Non-profit choral music organization

VocalEssence is a non-profit choral music organization based in Minneapolis, Minnesota. Each year the organization presents a series of concerts featuring the 130-voice VocalEssence Chorus and its core group, a 32-voice professional mixed chorus called the Ensemble Singers, along with guest soloists and instrumentalists.

VocalEssence was founded in 1969 under the name Plymouth Music Series as a community music program of Plymouth Congregational Church and incorporated as a separate 501(c)(3) organization with its own board of directors in 1979. The organization changed its name to VocalEssence in 2002. It has 10 full- and part-time staff members including artistic director Philip Brunelle and Executive Director Amy Jaine Wielunski.

== Repertoire ==
VocalEssence has commissioned over 130 new works ranging from brief a cappella pieces to full scale choral and symphonic works. VocalEssence has co-commissioned operas with Opera Theatre of St. Louis (Loss of Eden by Cary John Franklin) and the Library of Congress (Barnum’s Bird by Libby Larsen).

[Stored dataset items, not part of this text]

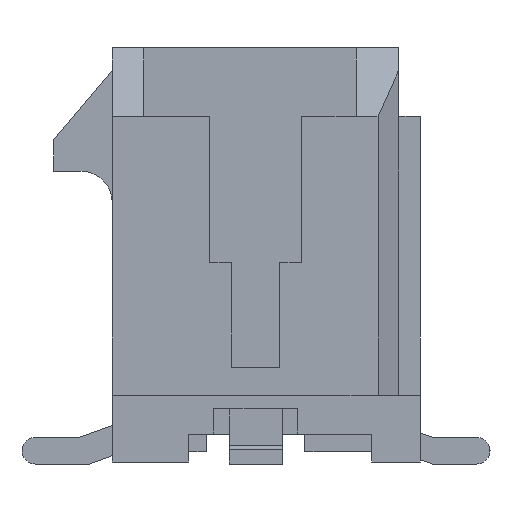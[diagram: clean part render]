
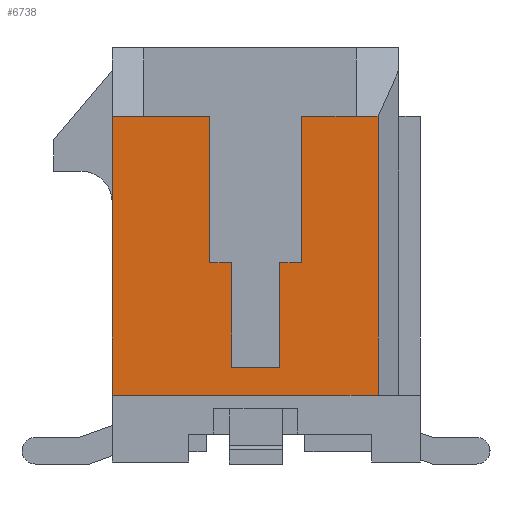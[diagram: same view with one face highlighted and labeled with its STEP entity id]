
A CAD part, left-side view. The second image highlights one B-rep face of the part: STEP entity #6738.
In plain terms, the highlighted planar face has unit normal (-1, 0, 0).
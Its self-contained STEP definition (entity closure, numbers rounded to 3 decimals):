
#1=DIRECTION('',(0.,0.,-1.));
#2=VECTOR('',#1,3.5);
#3=CARTESIAN_POINT('',(-10.825,-1.1,3.315));
#4=LINE('',#3,#2);
#5=DIRECTION('',(0.,1.,0.));
#6=VECTOR('',#5,1.31);
#7=CARTESIAN_POINT('',(-10.825,-2.41,3.315));
#8=LINE('',#7,#6);
#9=DIRECTION('',(0.,-1.,0.));
#10=VECTOR('',#9,0.52);
#11=CARTESIAN_POINT('',(-10.825,-2.41,3.315));
#12=LINE('',#11,#10);
#13=DIRECTION('',(0.,0.,-1.));
#14=VECTOR('',#13,6.67);
#15=CARTESIAN_POINT('',(-10.825,-2.93,3.315));
#16=LINE('',#15,#14);
#17=DIRECTION('',(0.,1.,0.));
#18=VECTOR('',#17,6.36);
#19=CARTESIAN_POINT('',(-10.825,-2.93,-3.355));
#20=LINE('',#19,#18);
#21=DIRECTION('',(0.,0.,1.));
#22=VECTOR('',#21,6.67);
#23=CARTESIAN_POINT('',(-10.825,3.43,-3.355));
#24=LINE('',#23,#22);
#25=DIRECTION('',(0.,-1.,0.));
#26=VECTOR('',#25,0.75);
#27=CARTESIAN_POINT('',(-10.825,3.43,3.315));
#28=LINE('',#27,#26);
#29=DIRECTION('',(0.,1.,0.));
#30=VECTOR('',#29,1.58);
#31=CARTESIAN_POINT('',(-10.825,1.1,3.315));
#32=LINE('',#31,#30);
#33=DIRECTION('',(0.,0.,-1.));
#34=VECTOR('',#33,3.5);
#35=CARTESIAN_POINT('',(-10.825,1.1,3.315));
#36=LINE('',#35,#34);
#37=DIRECTION('',(0.,1.,0.));
#38=VECTOR('',#37,0.525);
#39=CARTESIAN_POINT('',(-10.825,0.575,-0.185));
#40=LINE('',#39,#38);
#41=DIRECTION('',(0.,0.,1.));
#42=VECTOR('',#41,2.5);
#43=CARTESIAN_POINT('',(-10.825,0.575,-2.685));
#44=LINE('',#43,#42);
#45=DIRECTION('',(0.,1.,0.));
#46=VECTOR('',#45,1.15);
#47=CARTESIAN_POINT('',(-10.825,-0.575,-2.685));
#48=LINE('',#47,#46);
#49=DIRECTION('',(0.,0.,-1.));
#50=VECTOR('',#49,2.5);
#51=CARTESIAN_POINT('',(-10.825,-0.575,-0.185));
#52=LINE('',#51,#50);
#53=DIRECTION('',(0.,1.,0.));
#54=VECTOR('',#53,0.525);
#55=CARTESIAN_POINT('',(-10.825,-1.1,-0.185));
#56=LINE('',#55,#54);
#5108=CARTESIAN_POINT('',(-10.825,3.43,3.315));
#5110=VERTEX_POINT('',#5108);
#5159=CARTESIAN_POINT('',(-10.825,2.68,3.315));
#5160=VERTEX_POINT('',#5159);
#5161=CARTESIAN_POINT('',(-10.825,-2.41,3.315));
#5162=VERTEX_POINT('',#5161);
#5367=CARTESIAN_POINT('',(-10.825,-1.1,3.315));
#5368=CARTESIAN_POINT('',(-10.825,-1.1,-0.185));
#5369=VERTEX_POINT('',#5367);
#5370=VERTEX_POINT('',#5368);
#5371=CARTESIAN_POINT('',(-10.825,-0.575,-0.185));
#5372=VERTEX_POINT('',#5371);
#5373=CARTESIAN_POINT('',(-10.825,-0.575,-2.685));
#5374=VERTEX_POINT('',#5373);
#5375=CARTESIAN_POINT('',(-10.825,0.575,-2.685));
#5376=VERTEX_POINT('',#5375);
#5377=CARTESIAN_POINT('',(-10.825,0.575,-0.185));
#5378=VERTEX_POINT('',#5377);
#5379=CARTESIAN_POINT('',(-10.825,1.1,-0.185));
#5380=VERTEX_POINT('',#5379);
#5381=CARTESIAN_POINT('',(-10.825,1.1,3.315));
#5382=VERTEX_POINT('',#5381);
#5829=CARTESIAN_POINT('',(-10.825,3.43,-3.355));
#5830=VERTEX_POINT('',#5829);
#5839=CARTESIAN_POINT('',(-10.825,-2.93,3.315));
#5840=VERTEX_POINT('',#5839);
#5841=CARTESIAN_POINT('',(-10.825,-2.93,-3.355));
#5842=VERTEX_POINT('',#5841);
#6703=CARTESIAN_POINT('',(-10.825,0.,0.));
#6704=DIRECTION('',(1.,0.,0.));
#6705=DIRECTION('',(0.,0.,-1.));
#6706=AXIS2_PLACEMENT_3D('',#6703,#6704,#6705);
#6707=PLANE('',#6706);
#6709=ORIENTED_EDGE('',*,*,#6708,.F.);
#6711=ORIENTED_EDGE('',*,*,#6710,.F.);
#6713=ORIENTED_EDGE('',*,*,#6712,.T.);
#6715=ORIENTED_EDGE('',*,*,#6714,.T.);
#6717=ORIENTED_EDGE('',*,*,#6716,.T.);
#6719=ORIENTED_EDGE('',*,*,#6718,.T.);
#6721=ORIENTED_EDGE('',*,*,#6720,.T.);
#6723=ORIENTED_EDGE('',*,*,#6722,.F.);
#6725=ORIENTED_EDGE('',*,*,#6724,.T.);
#6727=ORIENTED_EDGE('',*,*,#6726,.F.);
#6729=ORIENTED_EDGE('',*,*,#6728,.F.);
#6731=ORIENTED_EDGE('',*,*,#6730,.F.);
#6733=ORIENTED_EDGE('',*,*,#6732,.F.);
#6735=ORIENTED_EDGE('',*,*,#6734,.F.);
#6736=EDGE_LOOP('',(#6709,#6711,#6713,#6715,#6717,#6719,#6721,#6723,#6725,#6727,
#6729,#6731,#6733,#6735));
#6737=FACE_OUTER_BOUND('',#6736,.F.);
#6738=ADVANCED_FACE('',(#6737),#6707,.F.);
#6708=EDGE_CURVE('',#5369,#5370,#4,.T.);
#6710=EDGE_CURVE('',#5162,#5369,#8,.T.);
#6712=EDGE_CURVE('',#5162,#5840,#12,.T.);
#6714=EDGE_CURVE('',#5840,#5842,#16,.T.);
#6716=EDGE_CURVE('',#5842,#5830,#20,.T.);
#6718=EDGE_CURVE('',#5830,#5110,#24,.T.);
#6720=EDGE_CURVE('',#5110,#5160,#28,.T.);
#6722=EDGE_CURVE('',#5382,#5160,#32,.T.);
#6724=EDGE_CURVE('',#5382,#5380,#36,.T.);
#6726=EDGE_CURVE('',#5378,#5380,#40,.T.);
#6728=EDGE_CURVE('',#5376,#5378,#44,.T.);
#6730=EDGE_CURVE('',#5374,#5376,#48,.T.);
#6732=EDGE_CURVE('',#5372,#5374,#52,.T.);
#6734=EDGE_CURVE('',#5370,#5372,#56,.T.);
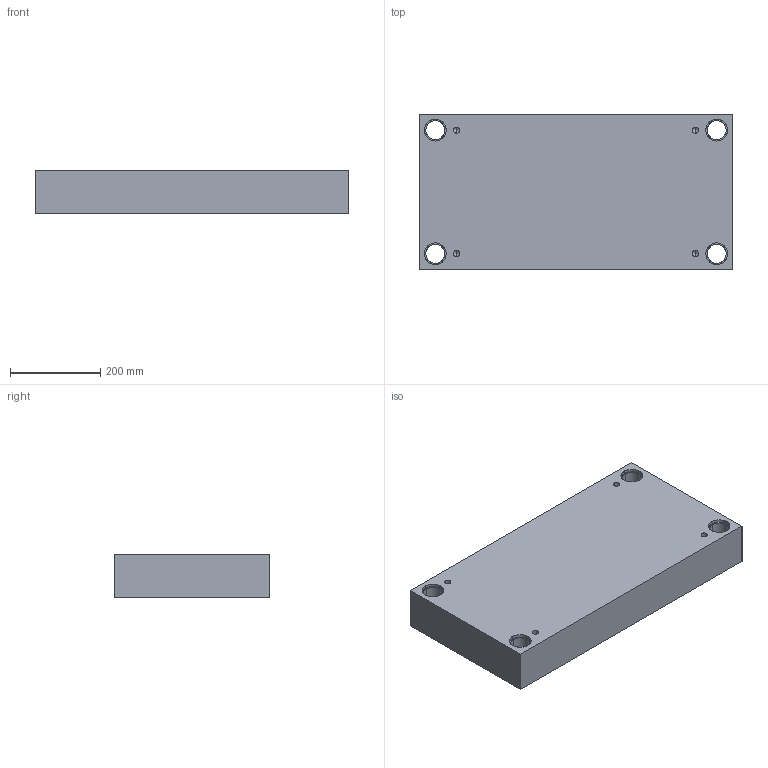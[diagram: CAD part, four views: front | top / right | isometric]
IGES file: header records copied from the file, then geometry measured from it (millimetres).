
Start section: Comment
Global section: file name: OS_E_346x696x096_.igs; native system:  By Spatial Corp.; preprocessor: XPlus PS/IGES 3.0; author: Author; organization: Title; date: 20040603.165659; units: inch
Bounding box: 695.7 x 345.7 x 96 mm (x, y, z)
Surface area: 726710.9 mm2 (no closed solid volume)
Topology: 0 solids, 0 shells, 42 faces, 192 edges, 184 vertices
Faces by surface type: bspline 42
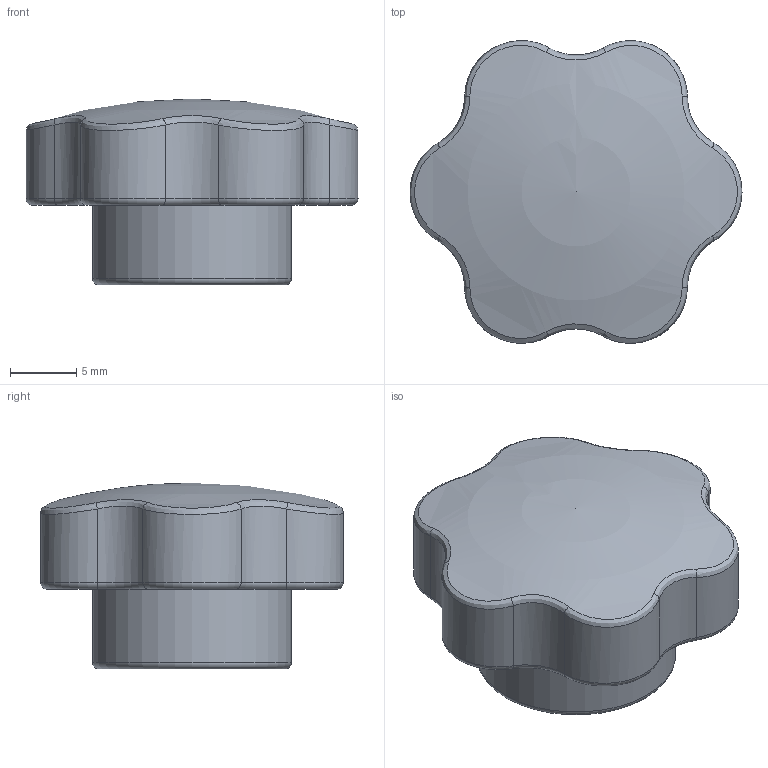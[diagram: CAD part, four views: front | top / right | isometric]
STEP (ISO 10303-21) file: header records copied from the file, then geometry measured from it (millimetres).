
FILE_DESCRIPTION( ( 'Unknown' ), '1' );
FILE_NAME( '6329000_VSB25_M04.stp', 'Unknown', ( 'Unknown' ), ( 'Unknown' ), 'PSStep 11.0', 'Unknown', ' ' );
FILE_SCHEMA( ( 'AUTOMOTIVE_DESIGN { 1 0 10303 214 1 1 1 1 }' ) );
Length unit declared in the file: millimetre
Products named in the file (1): 6329000
Bounding box: 25 x 22.8 x 14 mm (x, y, z)
Volume: 3952 mm3; surface area: 1680.9 mm2
Topology: 1 solids, 1 shells, 44 faces, 100 edges, 58 vertices
Faces by surface type: cylinder 14, torus 13, bspline 12, plane 2, cone 2, sphere 1
Full cylindrical faces by diameter (mm): 3.242 x1, 15 x1
Entity records: 4794 total; most frequent: CARTESIAN_POINT 3544, DIRECTION 186, ORIENTED_EDGE 180, EDGE_CURVE 90, AXIS2_PLACEMENT_3D 87, VERTEX_POINT 55, CIRCLE 54, EDGE_LOOP 50
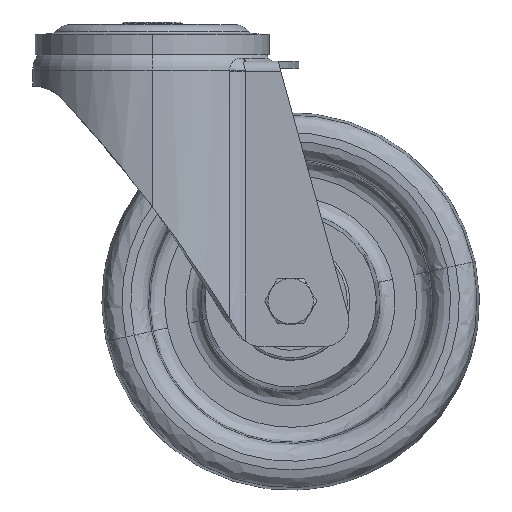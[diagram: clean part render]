
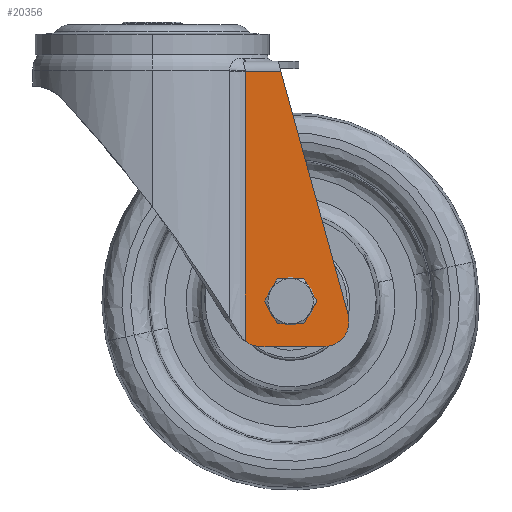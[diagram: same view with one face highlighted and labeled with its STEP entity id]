
A CAD part, top view. The second image highlights one B-rep face of the part: STEP entity #20356.
In plain terms, the highlighted planar face has unit normal (0, 0, 1).
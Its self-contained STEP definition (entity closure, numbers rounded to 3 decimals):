
#922 = CARTESIAN_POINT ( 'NONE',  ( 37.024, -28.665, -175.642 ) ) ;
#1051 = CARTESIAN_POINT ( 'NONE',  ( 37.016, -19.613, -175.642 ) ) ;
#1536 = DIRECTION ( 'NONE',  ( 0., 0., -1. ) ) ;
#3039 = CARTESIAN_POINT ( 'NONE',  ( 37.017, -126.861, -175.642 ) ) ;
#3101 = CARTESIAN_POINT ( 'NONE',  ( 37.018, -64.444, -175.642 ) ) ;
#3268 = CARTESIAN_POINT ( 'NONE',  ( 77.836, -116.337, -175.642 ) ) ;
#3531 = CARTESIAN_POINT ( 'NONE',  ( 43.197, -129., -175.642 ) ) ;
#3707 = DIRECTION ( 'NONE',  ( 0.266, -0.964, 0. ) ) ;
#4621 = EDGE_CURVE ( 'NONE', #8297, #18506, #5789, .T. ) ;
#4706 = PLANE ( 'NONE',  #22278 ) ;
#4875 = CARTESIAN_POINT ( 'NONE',  ( 37.042, -20.774, -175.639 ) ) ;
#5082 = VERTEX_POINT ( 'NONE', #3039 ) ;
#5185 = LINE ( 'NONE', #16919, #6849 ) ;
#5265 = ORIENTED_EDGE ( 'NONE', *, *, #17925, .F. ) ;
#5714 = VERTEX_POINT ( 'NONE', #17152 ) ;
#5789 = CIRCLE ( 'NONE', #10864, 6.1 ) ;
#6334 = CARTESIAN_POINT ( 'NONE',  ( 37.023, -38.185, -175.642 ) ) ;
#6462 = CARTESIAN_POINT ( 'NONE',  ( 37.026, -23.041, -175.642 ) ) ;
#6787 = DIRECTION ( 'NONE',  ( 1., 0., 0. ) ) ;
#6849 = VECTOR ( 'NONE', #11523, 1000. ) ;
#7331 = DIRECTION ( 'NONE',  ( 0., -1., 0. ) ) ;
#8099 = EDGE_LOOP ( 'NONE', ( #13384, #11105 ) ) ;
#8222 = FACE_BOUND ( 'NONE', #8099, .T. ) ;
#8237 = EDGE_CURVE ( 'NONE', #5082, #22034, #11189, .T. ) ;
#8289 = CARTESIAN_POINT ( 'NONE',  ( 37.029, -25.294, -175.641 ) ) ;
#8297 = VERTEX_POINT ( 'NONE', #18254 ) ;
#8407 = CARTESIAN_POINT ( 'NONE',  ( 37.016, -19.6, -175.642 ) ) ;
#8523 = EDGE_CURVE ( 'NONE', #22034, #5714, #5185, .T. ) ;
#8571 = ORIENTED_EDGE ( 'NONE', *, *, #17955, .F. ) ;
#8818 = EDGE_CURVE ( 'NONE', #18506, #8297, #16130, .T. ) ;
#9895 = CIRCLE ( 'NONE', #12213, 10. ) ;
#9994 = CARTESIAN_POINT ( 'NONE',  ( 37.017, -91.209, -175.642 ) ) ;
#10236 = CARTESIAN_POINT ( 'NONE',  ( 37.041, -20.344, -175.638 ) ) ;
#10305 = ORIENTED_EDGE ( 'NONE', *, *, #8523, .F. ) ;
#10353 = CARTESIAN_POINT ( 'NONE',  ( 55., -111., -175.642 ) ) ;
#10864 = AXIS2_PLACEMENT_3D ( 'NONE', #10353, #12158, #15992 ) ;
#10952 = AXIS2_PLACEMENT_3D ( 'NONE', #18193, #19754, #7331 ) ;
#11105 = ORIENTED_EDGE ( 'NONE', *, *, #8818, .F. ) ;
#11189 = B_SPLINE_CURVE_WITH_KNOTS ( 'NONE', 3,
 ( #17442, #9994, #3101, #15534, #6334, #13959, #922, #8289, #23004, #6462, #13857, #21171, #20918, #4875, #10236, #17565, #1051, #8407 ),
 .UNSPECIFIED., .F., .F.,
 ( 4, 2, 2, 2, 2, 2, 2, 2, 4 ),
 ( 0., 0.5, 0.625, 0.75, 0.812, 0.844, 0.875, 0.937, 1. ),
 .UNSPECIFIED. ) ;
#11523 = DIRECTION ( 'NONE',  ( 1., 0., 0. ) ) ;
#11787 = ORIENTED_EDGE ( 'NONE', *, *, #11984, .T. ) ;
#11984 = EDGE_CURVE ( 'NONE', #15972, #20750, #23689, .T. ) ;
#12158 = DIRECTION ( 'NONE',  ( 0., 0., 1. ) ) ;
#12213 = AXIS2_PLACEMENT_3D ( 'NONE', #19837, #1536, #21660 ) ;
#12227 = DIRECTION ( 'NONE',  ( 1., 0., 0. ) ) ;
#12270 = VECTOR ( 'NONE', #6787, 1000. ) ;
#12674 = LINE ( 'NONE', #17965, #19397 ) ;
#12799 = CARTESIAN_POINT ( 'NONE',  ( 0., -165.6, -175.642 ) ) ;
#13054 = CARTESIAN_POINT ( 'NONE',  ( 61.1, -111., -175.642 ) ) ;
#13384 = ORIENTED_EDGE ( 'NONE', *, *, #4621, .F. ) ;
#13857 = CARTESIAN_POINT ( 'NONE',  ( 37.025, -22.653, -175.643 ) ) ;
#13959 = CARTESIAN_POINT ( 'NONE',  ( 37.025, -31.468, -175.642 ) ) ;
#14389 = ORIENTED_EDGE ( 'NONE', *, *, #19090, .F. ) ;
#15534 = CARTESIAN_POINT ( 'NONE',  ( 37.022, -42.098, -175.642 ) ) ;
#15972 = VERTEX_POINT ( 'NONE', #3531 ) ;
#15992 = DIRECTION ( 'NONE',  ( -1., 0., 0. ) ) ;
#16130 = CIRCLE ( 'NONE', #18805, 6.1 ) ;
#16178 = DIRECTION ( 'NONE',  ( 1., 0., 0. ) ) ;
#16318 = CIRCLE ( 'NONE', #10952, 10. ) ;
#16919 = CARTESIAN_POINT ( 'NONE',  ( 37.016, -19.6, -175.642 ) ) ;
#17152 = CARTESIAN_POINT ( 'NONE',  ( 51.105, -19.6, -175.642 ) ) ;
#17442 = CARTESIAN_POINT ( 'NONE',  ( 37.017, -126.861, -175.642 ) ) ;
#17565 = CARTESIAN_POINT ( 'NONE',  ( 37.026, -19.764, -175.64 ) ) ;
#17925 = EDGE_CURVE ( 'NONE', #15972, #5082, #16318, .T. ) ;
#17950 = CARTESIAN_POINT ( 'NONE',  ( 37.016, -19.6, -175.642 ) ) ;
#17955 = EDGE_CURVE ( 'NONE', #5714, #20828, #12674, .T. ) ;
#17965 = CARTESIAN_POINT ( 'NONE',  ( 51.105, -19.6, -175.642 ) ) ;
#18193 = CARTESIAN_POINT ( 'NONE',  ( 43.197, -119., -175.642 ) ) ;
#18254 = CARTESIAN_POINT ( 'NONE',  ( 48.9, -111., -175.642 ) ) ;
#18445 = DIRECTION ( 'NONE',  ( 0., 0., 1. ) ) ;
#18506 = VERTEX_POINT ( 'NONE', #13054 ) ;
#18805 = AXIS2_PLACEMENT_3D ( 'NONE', #23544, #23305, #12227 ) ;
#19090 = EDGE_CURVE ( 'NONE', #20828, #20750, #9895, .T. ) ;
#19397 = VECTOR ( 'NONE', #3707, 1000. ) ;
#19754 = DIRECTION ( 'NONE',  ( 0., 0., -1. ) ) ;
#19837 = CARTESIAN_POINT ( 'NONE',  ( 68.197, -119., -175.642 ) ) ;
#19965 = EDGE_LOOP ( 'NONE', ( #11787, #14389, #8571, #10305, #20108, #5265 ) ) ;
#20108 = ORIENTED_EDGE ( 'NONE', *, *, #8237, .F. ) ;
#20356 = ADVANCED_FACE ( 'NONE', ( #8222, #21236 ), #4706, .T. ) ;
#20750 = VERTEX_POINT ( 'NONE', #21023 ) ;
#20828 = VERTEX_POINT ( 'NONE', #3268 ) ;
#20918 = CARTESIAN_POINT ( 'NONE',  ( 37.031, -21.627, -175.641 ) ) ;
#21023 = CARTESIAN_POINT ( 'NONE',  ( 68.197, -129., -175.642 ) ) ;
#21171 = CARTESIAN_POINT ( 'NONE',  ( 37.027, -21.946, -175.642 ) ) ;
#21236 = FACE_OUTER_BOUND ( 'NONE', #19965, .T. ) ;
#21660 = DIRECTION ( 'NONE',  ( 0.964, 0.266, 0. ) ) ;
#22034 = VERTEX_POINT ( 'NONE', #17950 ) ;
#22278 = AXIS2_PLACEMENT_3D ( 'NONE', #12799, #18445, #16178 ) ;
#23004 = CARTESIAN_POINT ( 'NONE',  ( 37.03, -24.309, -175.641 ) ) ;
#23305 = DIRECTION ( 'NONE',  ( 0., 0., 1. ) ) ;
#23338 = CARTESIAN_POINT ( 'NONE',  ( 43.197, -129., -175.642 ) ) ;
#23544 = CARTESIAN_POINT ( 'NONE',  ( 55., -111., -175.642 ) ) ;
#23689 = LINE ( 'NONE', #23338, #12270 ) ;

The ensemble's history is filled with notable performances, often included new works by composers from far-off countries and other regions; in some cases, Brunelle simply cold-called composers to get permission to do new works. A notable local tie-in were 1996 and 2024 productions of ABBA pop group members Benny Andersson and Björn Ulvaeus' musical Kristina, about a family migrating from Sweden to Minnesota.

== Discography ==
The organization has released nine recordings, including four compact discs of classical music by African American composers (The WITNESS Collection), two discs featuring guest artist Garrison Keillor, a recording of American folksongs and the world premiere recording of The World Beloved: A Bluegrass Mass by Carol Barnett, featuring the bluegrass ensemble Monroe Crossing. VocalEssence also re-released its world premiere recording of Conrad Susa's Carols and Lullabies: Christmas in the Southwest.

== Awards ==
VocalEssence has received the ASCAP Award for Adventurous Programming of Contemporary Music five times and it was awarded the once-in-an-organizational lifetime Margaret Hillis Achievement Award for Choral Excellence in 1996.